This month marks the two-year anniversary of That’s Classic!, and I can’t help but reflect on my relationship with this blog. Over the past two years, I’ve dug through old literature textbooks, piles of literary handouts, and the bowels of my bookcase to bring you what I think are some of the most interesting and noteworthy classic stories. Most of those stories I “discovered” in high school and college English classes, while some I truly did discover on my own. Each discovery came with its own epiphany: the knowledge that I had uncovered some great and sacred story of old. I started this blog with the same amount of passion and joy that I had every time I encountered one of those classics.
I confess that over the past year I haven’t come to the keyboard with the same zeal and enthusiasm I had during the first year of That’s Classic! It isn’t that I love classics any less (I don’t think that’s even possible!), or that I find this blog a chore. Rather, it’s more like I feel that I can’t share allthe best of literature with you because, when I created the “guidelines” for my blog, I limited myself too much. Basically, what it comes down to is that I limited what can be “classic” by the year in which the story was written.

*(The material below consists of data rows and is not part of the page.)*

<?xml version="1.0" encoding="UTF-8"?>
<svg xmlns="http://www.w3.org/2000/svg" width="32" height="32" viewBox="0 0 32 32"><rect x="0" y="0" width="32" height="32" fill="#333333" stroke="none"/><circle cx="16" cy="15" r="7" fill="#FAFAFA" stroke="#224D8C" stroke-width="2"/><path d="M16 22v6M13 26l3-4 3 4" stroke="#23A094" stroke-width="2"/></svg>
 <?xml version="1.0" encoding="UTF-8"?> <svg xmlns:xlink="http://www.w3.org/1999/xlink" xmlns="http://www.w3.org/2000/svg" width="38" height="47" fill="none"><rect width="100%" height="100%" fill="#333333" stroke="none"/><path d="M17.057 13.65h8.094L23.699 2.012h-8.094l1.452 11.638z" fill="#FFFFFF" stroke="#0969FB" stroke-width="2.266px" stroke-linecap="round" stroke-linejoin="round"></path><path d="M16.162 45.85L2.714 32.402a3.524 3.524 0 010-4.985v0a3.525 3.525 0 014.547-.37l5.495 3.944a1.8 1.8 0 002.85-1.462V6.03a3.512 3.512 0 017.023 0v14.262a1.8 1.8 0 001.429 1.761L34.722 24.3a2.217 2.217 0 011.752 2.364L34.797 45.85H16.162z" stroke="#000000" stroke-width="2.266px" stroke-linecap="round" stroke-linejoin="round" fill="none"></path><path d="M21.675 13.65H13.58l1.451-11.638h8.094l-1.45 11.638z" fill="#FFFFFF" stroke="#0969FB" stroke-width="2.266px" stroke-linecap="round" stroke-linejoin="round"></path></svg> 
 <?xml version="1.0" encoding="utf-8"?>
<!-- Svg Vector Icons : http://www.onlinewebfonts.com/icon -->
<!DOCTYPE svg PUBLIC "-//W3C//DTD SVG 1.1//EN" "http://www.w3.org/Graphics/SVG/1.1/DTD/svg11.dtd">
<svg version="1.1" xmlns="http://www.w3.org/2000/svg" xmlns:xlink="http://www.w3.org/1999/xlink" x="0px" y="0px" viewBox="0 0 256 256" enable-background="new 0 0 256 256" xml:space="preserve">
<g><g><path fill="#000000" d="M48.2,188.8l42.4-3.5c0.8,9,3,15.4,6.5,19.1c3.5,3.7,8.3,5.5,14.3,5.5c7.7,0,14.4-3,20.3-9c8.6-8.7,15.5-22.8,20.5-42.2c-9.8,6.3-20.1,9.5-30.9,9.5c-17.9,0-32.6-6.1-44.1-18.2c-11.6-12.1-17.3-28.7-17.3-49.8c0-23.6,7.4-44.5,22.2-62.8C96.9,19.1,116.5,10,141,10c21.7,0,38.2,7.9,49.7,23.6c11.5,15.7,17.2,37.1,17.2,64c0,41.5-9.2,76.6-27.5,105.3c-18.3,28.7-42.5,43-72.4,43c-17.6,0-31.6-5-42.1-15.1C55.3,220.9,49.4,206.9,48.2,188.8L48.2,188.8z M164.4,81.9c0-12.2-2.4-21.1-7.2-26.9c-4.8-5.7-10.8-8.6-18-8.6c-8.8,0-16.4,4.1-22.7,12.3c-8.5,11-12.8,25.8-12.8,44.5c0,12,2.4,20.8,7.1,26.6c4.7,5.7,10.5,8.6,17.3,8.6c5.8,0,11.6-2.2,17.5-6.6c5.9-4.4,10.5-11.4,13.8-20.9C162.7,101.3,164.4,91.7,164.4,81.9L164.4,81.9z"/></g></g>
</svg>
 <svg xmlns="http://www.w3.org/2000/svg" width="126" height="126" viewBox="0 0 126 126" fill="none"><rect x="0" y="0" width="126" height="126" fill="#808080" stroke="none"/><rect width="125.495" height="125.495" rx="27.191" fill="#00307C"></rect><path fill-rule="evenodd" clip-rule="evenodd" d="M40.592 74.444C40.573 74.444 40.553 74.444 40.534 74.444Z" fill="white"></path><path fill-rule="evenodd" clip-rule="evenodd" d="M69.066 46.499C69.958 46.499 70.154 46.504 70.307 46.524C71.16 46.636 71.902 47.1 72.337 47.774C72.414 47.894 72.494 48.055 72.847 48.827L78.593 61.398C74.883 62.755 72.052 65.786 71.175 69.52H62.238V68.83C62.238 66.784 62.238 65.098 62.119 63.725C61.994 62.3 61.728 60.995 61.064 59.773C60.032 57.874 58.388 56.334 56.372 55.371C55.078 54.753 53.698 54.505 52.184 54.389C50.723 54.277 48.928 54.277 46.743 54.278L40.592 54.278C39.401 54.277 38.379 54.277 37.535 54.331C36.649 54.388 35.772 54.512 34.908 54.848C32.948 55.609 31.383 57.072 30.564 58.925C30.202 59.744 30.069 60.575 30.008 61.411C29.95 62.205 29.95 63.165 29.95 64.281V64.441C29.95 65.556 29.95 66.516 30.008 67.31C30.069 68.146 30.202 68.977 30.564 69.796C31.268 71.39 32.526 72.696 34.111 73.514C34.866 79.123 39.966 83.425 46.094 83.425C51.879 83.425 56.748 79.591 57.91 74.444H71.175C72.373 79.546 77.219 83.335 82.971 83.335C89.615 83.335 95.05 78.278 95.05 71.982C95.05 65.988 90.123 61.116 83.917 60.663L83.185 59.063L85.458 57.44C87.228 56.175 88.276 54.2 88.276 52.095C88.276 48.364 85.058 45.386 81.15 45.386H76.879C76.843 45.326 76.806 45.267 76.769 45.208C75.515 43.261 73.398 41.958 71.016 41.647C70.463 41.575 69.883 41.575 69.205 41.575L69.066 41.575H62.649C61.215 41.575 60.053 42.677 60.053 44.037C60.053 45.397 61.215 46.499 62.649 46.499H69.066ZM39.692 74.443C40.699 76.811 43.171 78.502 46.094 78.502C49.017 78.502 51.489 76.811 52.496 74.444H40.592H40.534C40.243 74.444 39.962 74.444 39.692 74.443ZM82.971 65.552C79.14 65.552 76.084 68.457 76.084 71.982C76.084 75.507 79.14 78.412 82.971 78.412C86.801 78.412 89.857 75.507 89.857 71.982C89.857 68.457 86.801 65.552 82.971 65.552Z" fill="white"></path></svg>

When I started this blog two years ago, I had it in my head that nothing after 1960–or 1970 at the latest–could be included on this site as a Story of the Month. I felt that those stories were still in their infancy, that they hadn’t “stood the test of time,” as I felt all classics must do. But many a time I found myself trying to decide on a Story of the Month, and my mind kept gravitating toward certain titles that, by their dates, were not eligible. What about Bastard out of Carolina by Dorothy Allison, published in 1992? Or Tim O’Brien’s The Things They Carried, 1990? Or Drownby Junot Díaz, 1996? I was excluding all of those exemplary works simply because they were published after my arbitrary cut-off date of 1970.
These three novels, for example, all have the same fresh and timeless concepts as “tried and true” stories that were written in the 1500s, 1600s, 1700s, 1800s, and early 1900s. They are well-written, with interesting plots and strong characters. They are creative, original works that explore and examine the human condition. So just because an author is still living means that their work can’t enter the canon of classic literature? That’s a pretty steep thing to say. And that certainly is not what I’m trying to say with That’s Classic!
So here is what that means for me: I vow to introduce new (and by “new” I mean post-1970 literature) to this blog. I promise to give them the same value and importance on That’s Classic! as I have for any other work of literature.
And here is what this all means for you: You can rest assured that when you visit That’s Classic! that you will learn about great stories that are invaluable to the literary community, that are written in the tradition of the classic literature. And, if you will be so bold as to follow me here, we can all start to award newer stories the ultimate literary term of merit: classic.